Skin lesions in PNP are anything but uniform and may exhibit varying features even within the same patient. These lesions can often be mistaken for those seen in conditions like pemphigus vulgaris, pemphigus foliaceus, or bullous pemphigoid, affecting virtually any area of the body.

1. Blisters and erosions are frequently observed, mirroring the manifestations of other pemphigus disorders.
2. Blisters can range from confluent, akin to toxic epidermal necrolysis, to erythema multiforme-like targetoid lesions.
3. Lichenoid eruptions present as erythematous papules and plaques, reminiscent of lichen planus and graft-vs.-host disease.
4. In some cases, cutaneous lesions may manifest as onychodystrophy and alopecia. This broad spectrum of skin lesions challenges the diagnostic process but highlights the uniqueness of PNP's clinical presentation.

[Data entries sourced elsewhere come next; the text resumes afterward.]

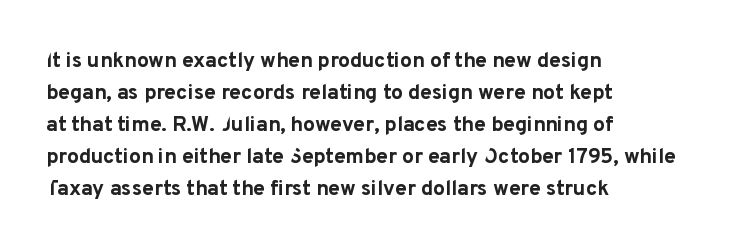
{"italic": "no", "bold": "yes", "underline": "no", "align": "left", "line_spacing": "normal", "line_spacing_ratio": 1.52, "letter_spacing": "normal", "letter_spacing_em": 0.0, "glyph_px": 21}
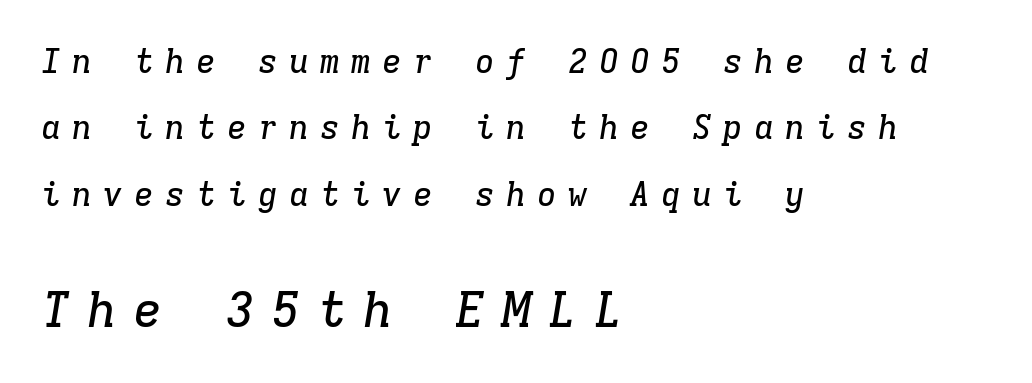
{"serif": "yes", "italic": "yes", "lean": "right", "slant_degrees": 9, "width": "normal", "stroke_contrast": "low", "x_height": "medium", "monospaced": "yes", "underline": "no", "align": "left", "line_spacing": "loose", "line_spacing_ratio": 2.01, "letter_spacing": "wide", "letter_spacing_em": 0.34, "larger_block": "second", "size_ratio": 1.48, "glyph_px": 49}
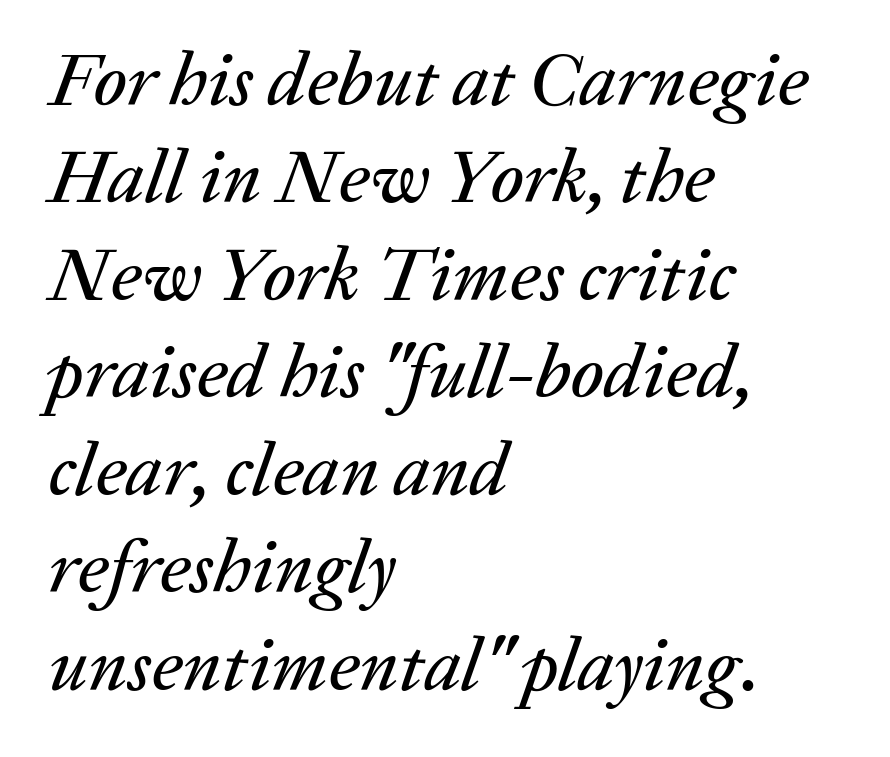
Characters follow at the spacing the type designer built in. A classic flush-left, rag-right setting is used for this passage. The rendering uses a moderate line-height, typical for paragraphs. The zone under the glyphs is completely vacant. Here the designer chose a conventional face with non-uniform glyph widths.
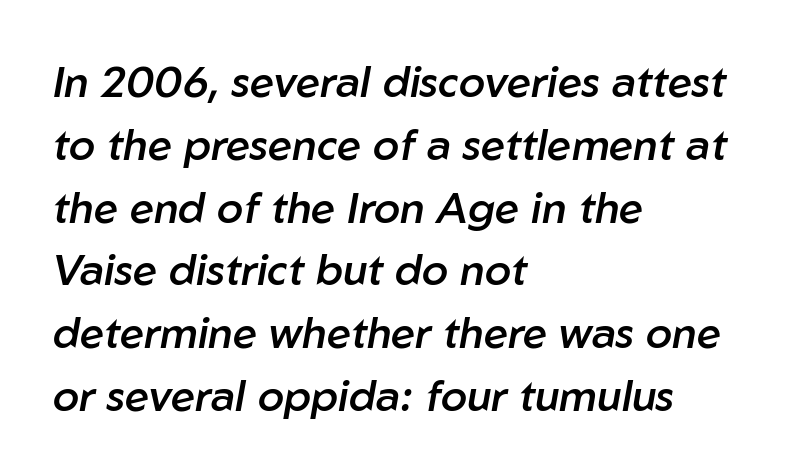
These lines keep a tight, regular rhythm from letter to letter. Horizontally, the lines are justified to the leading edge only. Reading down the column, the eye jumps a familiar distance to each next line. The text carries the slant typical of an italic or oblique font. Caption: semibold face, moderately heavy strokes.
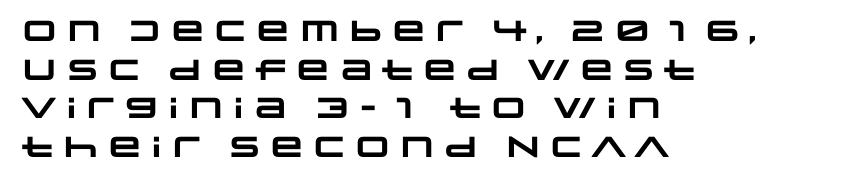
{"serif": "no", "bold": "yes", "weight": "heavy", "width": "wide", "stroke_contrast": "low", "x_height": "large", "monospaced": "no", "underline": "no", "align": "left", "line_spacing": "normal", "line_spacing_ratio": 1.33, "letter_spacing": "normal", "letter_spacing_em": 0.0, "glyph_px": 29}
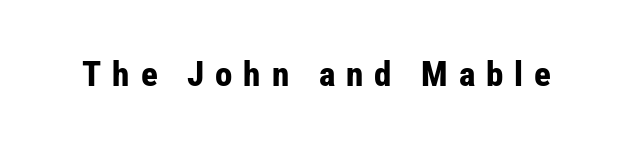
The image shows 35 px bold, condensed sans-serif type, upright; set unusually wide letter spacing (+0.31 em), not underlined; low stroke contrast and a medium x-height.
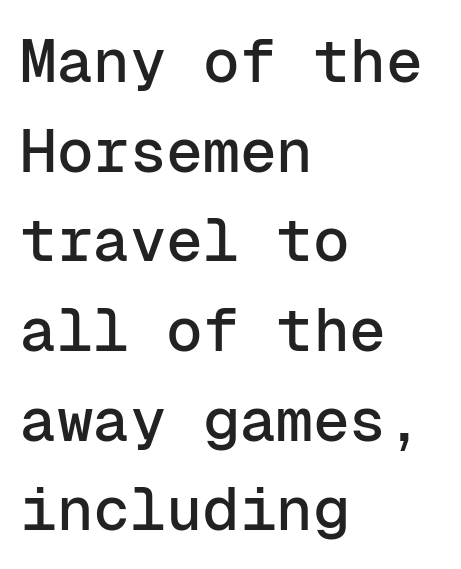
This sample uses an upright cut, with every glyph sitting square on the baseline. The paragraph has a hard left edge and a soft right edge. Spacing between characters is what you'd get straight out of the box. The letters carry no serifs — their stems end cleanly without finishing strokes.
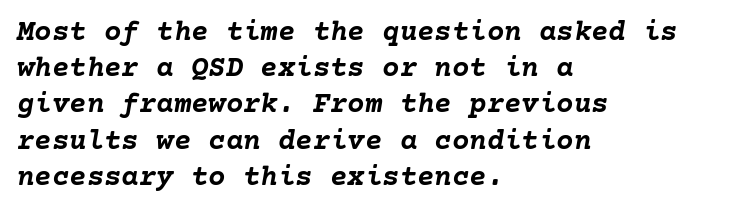
{"italic": "yes", "lean": "right", "slant_degrees": 10, "bold": "yes", "weight": "semibold", "width": "normal", "stroke_contrast": "low", "x_height": "medium", "underline": "no", "align": "left", "line_spacing": "normal", "line_spacing_ratio": 1.25, "letter_spacing": "normal", "letter_spacing_em": 0.0, "glyph_px": 29}
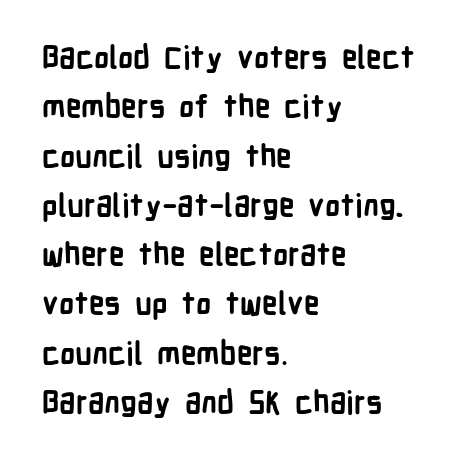
The image shows 31 px semibold, condensed sans-serif type, upright; set left-aligned, normal line spacing (1.59x), normal letter spacing, not underlined; low stroke contrast and a medium x-height.
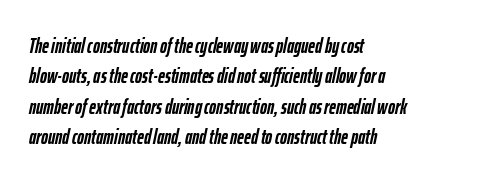
The type is set solid horizontally, with unmodified tracking. Plenty of ink on the page — the face is bold. Plain, unruled lines of type. The line-height multiplier appears to be the usual default. Observe the lean: these are italic letterforms. Layout note: lines flush left.
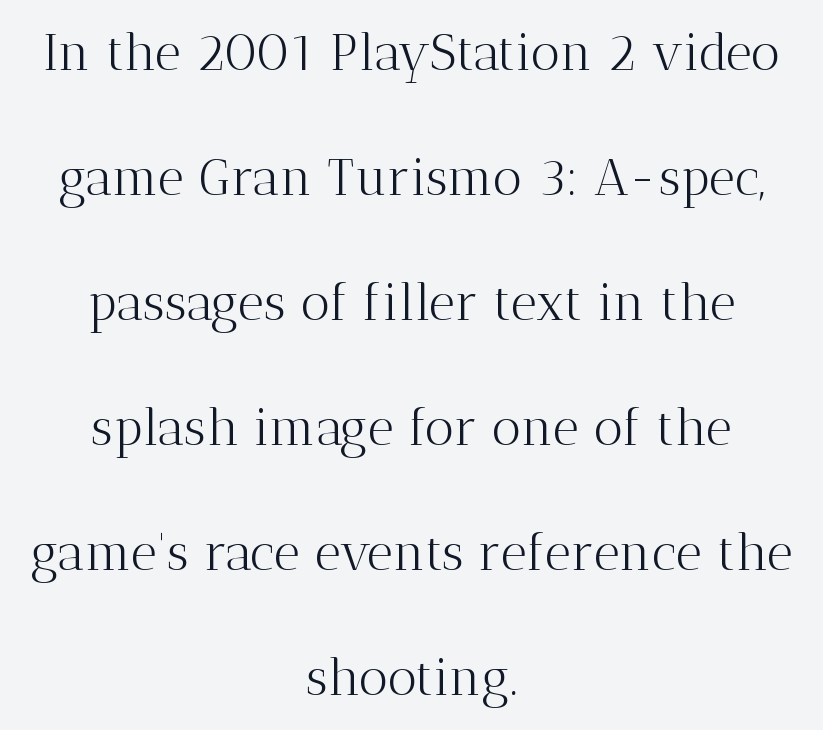
{"serif": "yes", "italic": "no", "bold": "no", "weight": "light", "width": "normal", "stroke_contrast": "medium", "x_height": "medium", "monospaced": "no", "underline": "no", "align": "center", "line_spacing": "loose", "line_spacing_ratio": 2.45, "letter_spacing": "normal", "letter_spacing_em": 0.0, "glyph_px": 51}
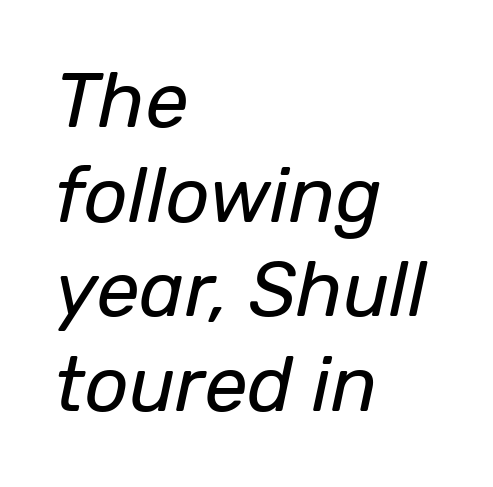
{"italic": "yes", "lean": "right", "slant_degrees": 12, "bold": "no", "weight": "regular", "width": "normal", "stroke_contrast": "low", "x_height": "medium", "monospaced": "no", "underline": "no", "align": "left", "line_spacing_ratio": 1.23, "letter_spacing": "normal", "letter_spacing_em": 0.0, "glyph_px": 77}
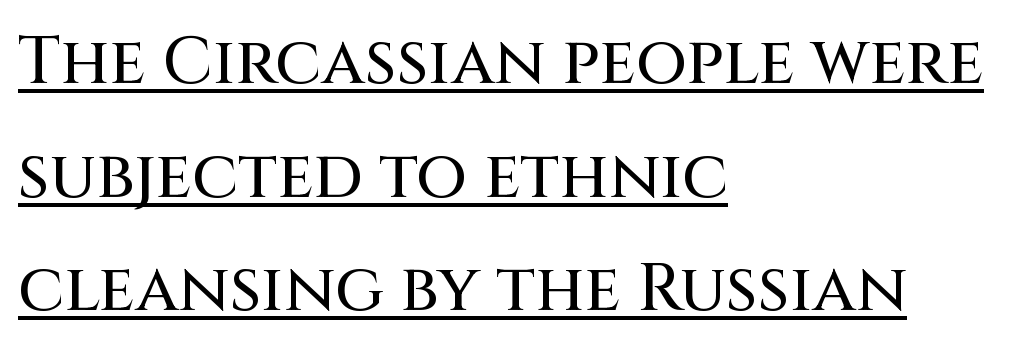
{"serif": "no", "italic": "no", "width": "normal", "stroke_contrast": "medium", "x_height": "large", "monospaced": "no", "underline": "yes", "align": "left", "line_spacing_ratio": 1.72, "letter_spacing": "normal", "letter_spacing_em": 0.0, "glyph_px": 66}
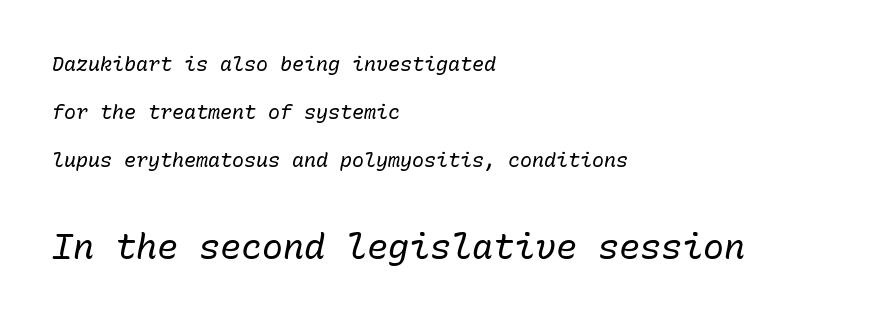
Q: Is the text bold? A: No.
Q: Is the text italic (slanted)? A: Yes, it leans right by about 10 degrees.
Q: Is the text underlined? A: No.
Q: How is the paragraph aligned? A: Left-aligned.
Q: Is the spacing between letters normal or unusually wide? A: Normal.
Q: Is the spacing between lines tight, normal or loose? A: Loose.
Q: Which block of text is set in a larger size, the first (top) or the second (bottom)? A: The second (bottom) one.
Q: Width (condensed, normal, or wide)? A: Normal.
Q: Stroke contrast? A: Low.
Q: x-height? A: Medium.
Q: Monospaced? A: Yes.
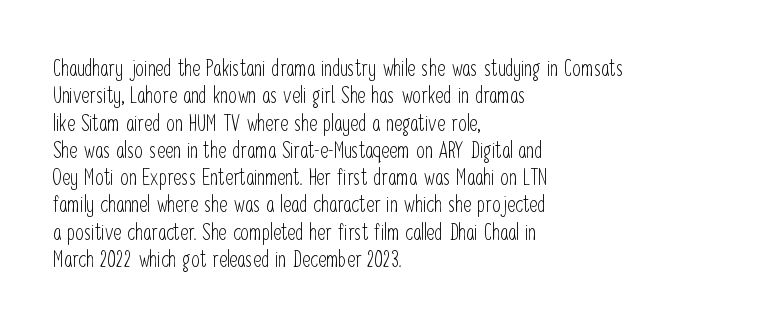
Rendered with straight, roman letterforms. Weight: not bold — regular or lighter. Words appear dense and cohesive because spacing is normal. Horizontal alignment here is leftward, the default for most running prose. A clean baseline with only descenders dipping below it.
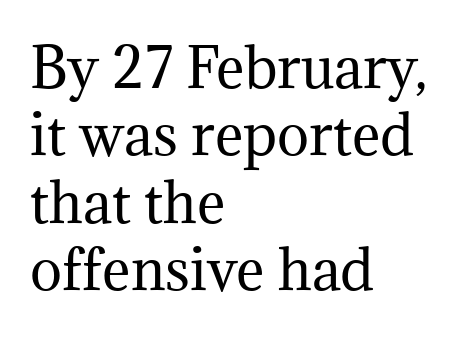
The image shows 54 px regular-weight serif type, upright; set left-aligned, normal line spacing (1.25x), normal letter spacing, not underlined; medium stroke contrast and a medium x-height.
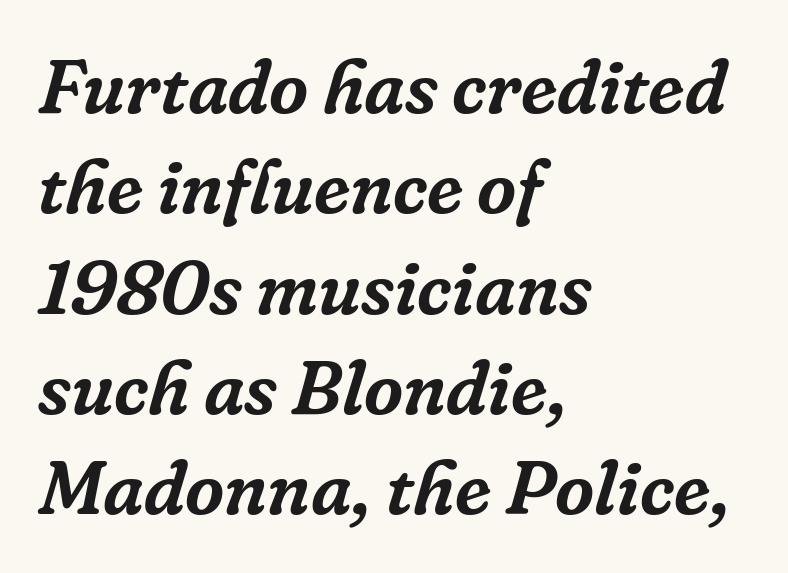
Q: Is the text italic (slanted)? A: Yes, it leans right by about 16 degrees.
Q: Is the typeface a serif or a sans-serif typeface? A: Serif.
Q: Is the text underlined? A: No.
Q: How is the paragraph aligned? A: Left-aligned.
Q: Is the spacing between letters normal or unusually wide? A: Normal.
Q: Is the spacing between lines tight, normal or loose? A: Normal.
Q: Width (condensed, normal, or wide)? A: Normal.
Q: Stroke contrast? A: Low.
Q: x-height? A: Medium.
Q: Monospaced? A: No.
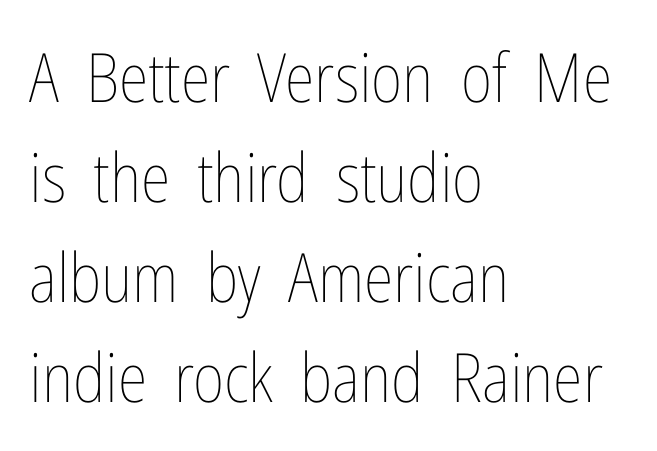
Italic? Not at all — the glyphs are vertical. Reading down the column, the eye jumps a familiar distance to each next line. A clean baseline with only descenders dipping below it. Is the stroke heavy? The answer is a plain regular-or-lighter. The type is set solid horizontally, with unmodified tracking. Character widths vary here, with narrow letters taking less room than wide ones.
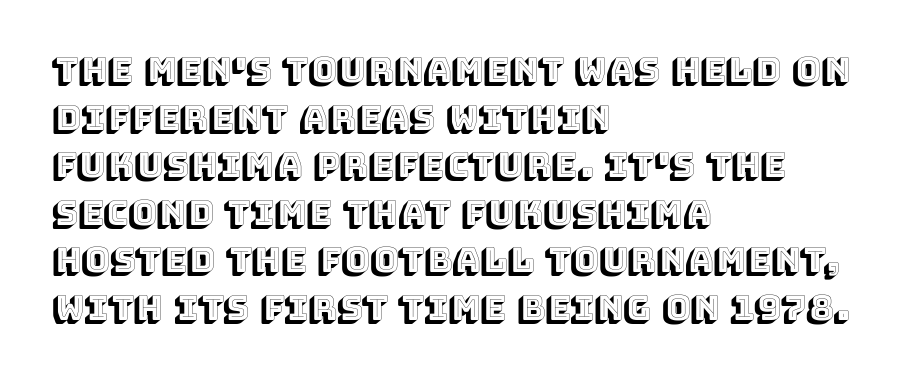
{"italic": "no", "width": "normal", "x_height": "large", "monospaced": "no", "underline": "no", "align": "left", "line_spacing": "normal", "line_spacing_ratio": 1.4, "letter_spacing": "normal", "letter_spacing_em": 0.0, "glyph_px": 34}
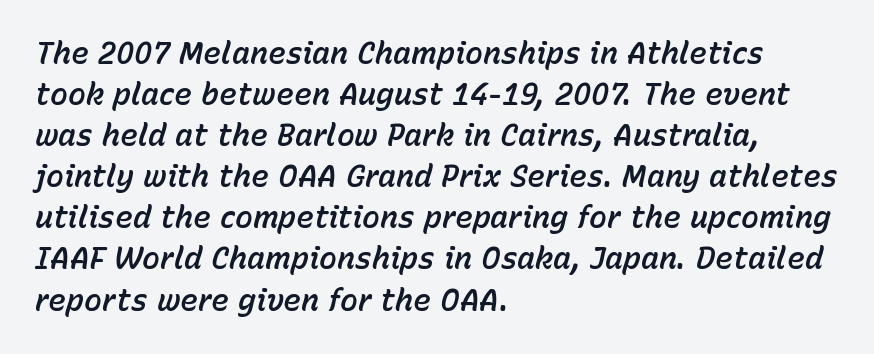
Q: Is the text italic (slanted)? A: Yes, it leans right by about 15 degrees.
Q: Is the text underlined? A: No.
Q: How is the paragraph aligned? A: Left-aligned.
Q: Is the spacing between letters normal or unusually wide? A: Normal.
Q: Is the spacing between lines tight, normal or loose? A: Normal.
Q: Width (condensed, normal, or wide)? A: Normal.
Q: Stroke contrast? A: Low.
Q: x-height? A: Medium.
Q: Monospaced? A: No.
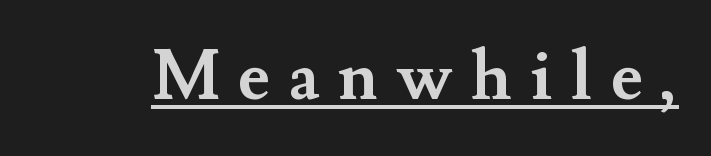
The image shows 69 px semibold serif type, upright; set unusually wide letter spacing (+0.26 em), underlined; medium stroke contrast and a small x-height.
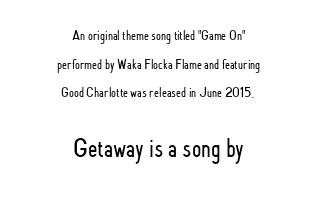
{"italic": "no", "bold": "no", "underline": "no", "align": "center", "line_spacing": "loose", "line_spacing_ratio": 2.04, "letter_spacing": "normal", "letter_spacing_em": 0.0, "larger_block": "second", "size_ratio": 1.93, "glyph_px": 27}

Extracutaneous Manifestations

While PNP primarily affects the skin and mucous membranes, it can extend its reach to other types of epithelia and internal organs. The extracutaneous manifestations of PNP encompass:

1. Mucostomatitis: Extensive refractory mucostomatitis, often the initial sign of PNP, involves painful mucous membrane erosions, blisters, haemorrhagic crusting, and ulceration in regions like the oropharynx, nasopharynx, conjunctiva, lips, tongue, palate, and genitals.
2. Pruritic Skin Lesions: After mucous membrane involvement, patients frequently develop diffuse polymorphic skin lesions, which are intensely itchy (pruritic).
3. Internal Organ Involvement: PNP can extend its grasp to internal organs such as the lungs, gastrointestinal tract, thyroid gland, and kidneys.
4. Myasthenia Gravis: Some PNP patients exhibit muscle weakness and elevated levels of anti-acetylcholine receptor antibodies, indicative of myasthenia gravis.
5. Bronchiolitis Obliterans: A major cause of mortality in PNP, bronchiolitis obliterans affects approximately 30% of patients, with a higher prevalence among those with Castleman disease. It initially presents as dyspnea and obstructive lung disease.